Sunday, April 14, 2013

Wedding Dress Saga - in Hindsight


Since I only get married once (I hope), I think it's OK for me to recap the crazy journey that was to find a wedding dress!!! I really dislike German wedding dresses. I think most of them are over the top, unfortunately. Most of the dresses I tried on just overwhelmed me in appearance. I felt like a girl swimming in an ocean of overly heavy fabric and overdone details.

This was one that I liked, if I would have gotten married in a colder climate. My high school best friend loved this one! I liked the sense of movement in the fabric pattern, but I didn't like the fact that I'd have to wear a frame underneath in order to hold up the poofy shape.


Once I started looking at shorter dresses, this was the favorite one that my girls had sent me. It's simple and beautiful (with the gloves) and the cut looks like one of my existing dresses. I thought quite hard about getting a dress like this made from scratch, and even investigated costs associated with this. But, I was a little concerned that since I wasn't planning to wear a veil on the (windy) beach, that the rest of the dress would be overly casual.

Then when I found this dress, I liked it right away. There's something about the simple elegance of the dress that I loved. The cocktail style made me feel like I could walk through a party and play hostess without being bogged down by layers of fabric. But, I didn't love that the left breast was not covered in the same material as the rest of the dress. (It was of a bra material. Why?! German wedding fashion is so weird.) I also didn't cry like the girls in Say Yes to the Dress when they found their favorite dresses.

Unfortunately, when I went back to the store a month later, this dress was already sold. I bought one that was the same style, but 4 or 5 sizes too large. They had to rip it apart, re-make the whole thing to fit me, and also hand-make crinkled fabric in order to cover the left breast to match the rest of the dress.

I also liked the idea of mixing and matching short and long dresses, so I sent them this picture to ask them to make this detachable train for me from scratch. I wanted a detachable train for functionality and -- so that just in case I hated it in the end, I could still take it off.

When I picked up my finished dress (which costed only 500 Euros even including all the alterations), I was in love. (A few fittings had to occur, remember? It was too small after they resized it, and so they had to resize it again a couple of times.) I was thrilled by how fabulous my seamstress was; you literally couldn't tell that part of the crinkle on the dress was made by hand. I bought a hair accessory to match the modernness of my dress, and a single-pearl necklace to match its simplicity.

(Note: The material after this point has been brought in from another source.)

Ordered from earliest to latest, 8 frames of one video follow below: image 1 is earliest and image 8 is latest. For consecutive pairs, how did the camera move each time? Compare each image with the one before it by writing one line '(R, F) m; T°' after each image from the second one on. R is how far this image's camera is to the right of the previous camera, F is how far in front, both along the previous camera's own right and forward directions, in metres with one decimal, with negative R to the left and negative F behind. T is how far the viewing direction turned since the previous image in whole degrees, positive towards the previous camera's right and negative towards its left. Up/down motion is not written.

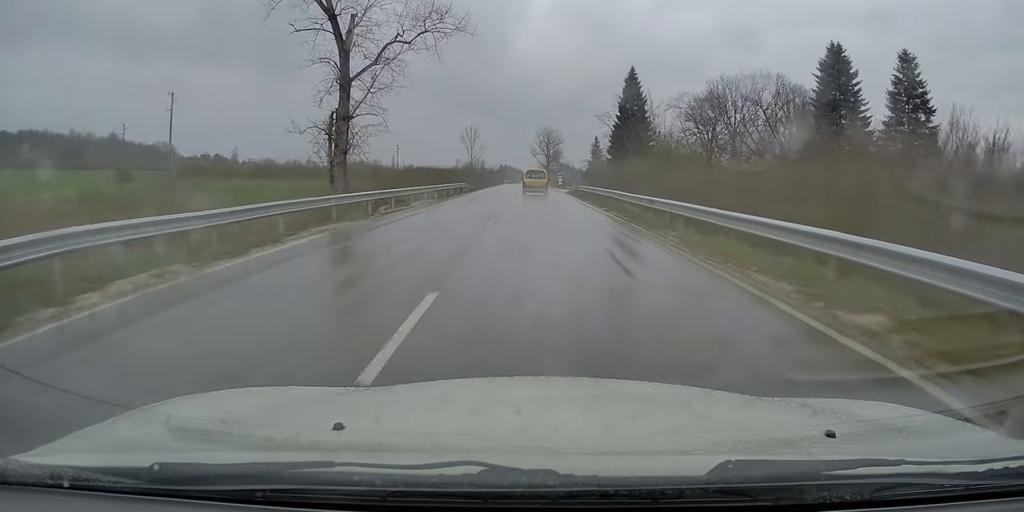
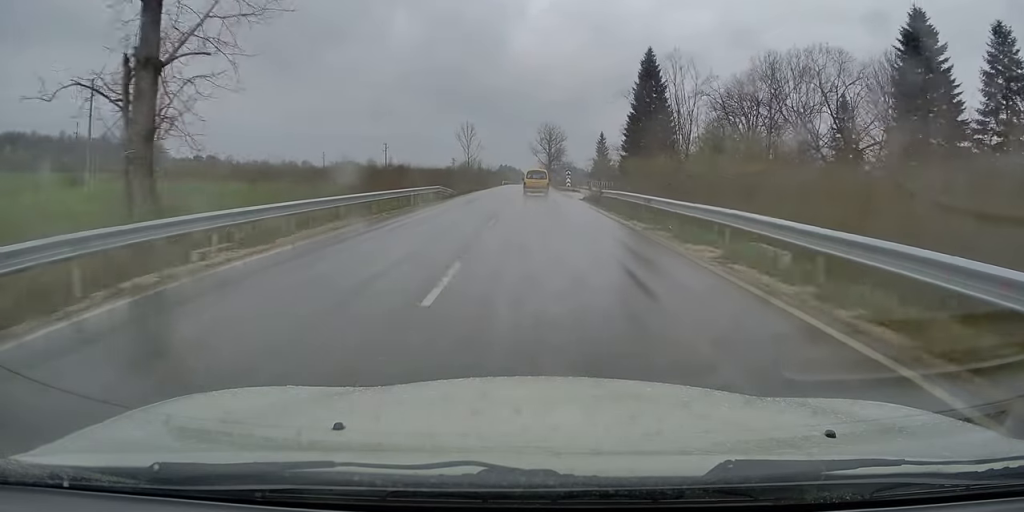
(-0.1, +15.6) m; 0°
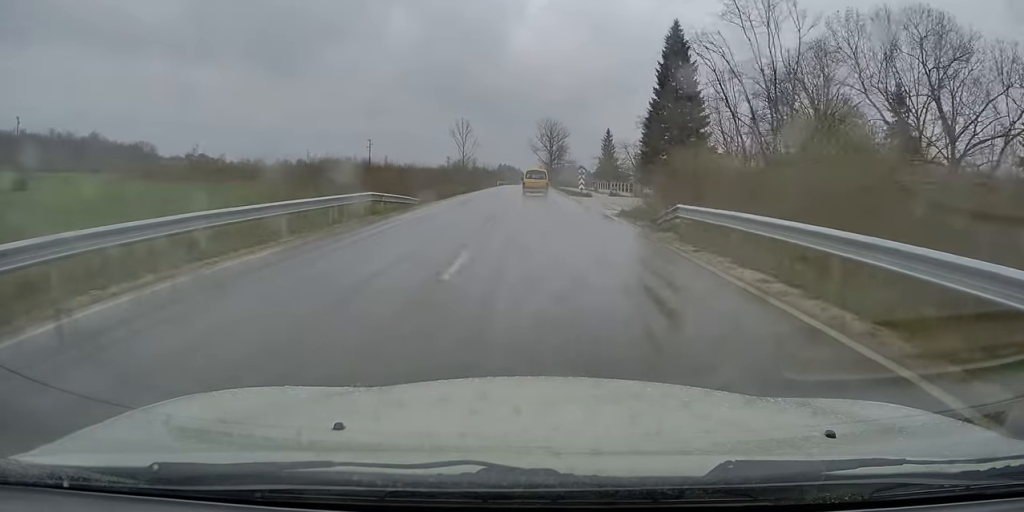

Then, because of all the health- and job-search related stress, I lost weight. I don't have a scale at home, but I estimate that I must have lost between 5 and 10 pounds from pure stress. So, I had to bring the dress back, etc etc. get it altered again so that it didn't look like a borrowed dress. In the end, it was such a relief that everything still worked out!! (Reposting final picture from an earlier post... Once I get the professional photos, maybe I'll post an update.) So, whew. If you're a bride-to-be, good luck!!! I hope you can get through the whole process with fewer fittings than me. I estimate that in all, I had to have about 8 or 9 fittings, which is well above the average for a bride-to-be and is a lot for a gal who goes shopping maybe twice or three times a year and who tends to shop like a man (in and out in 45 minutes with a lot of things purchased... Geoff shops way slower than me!).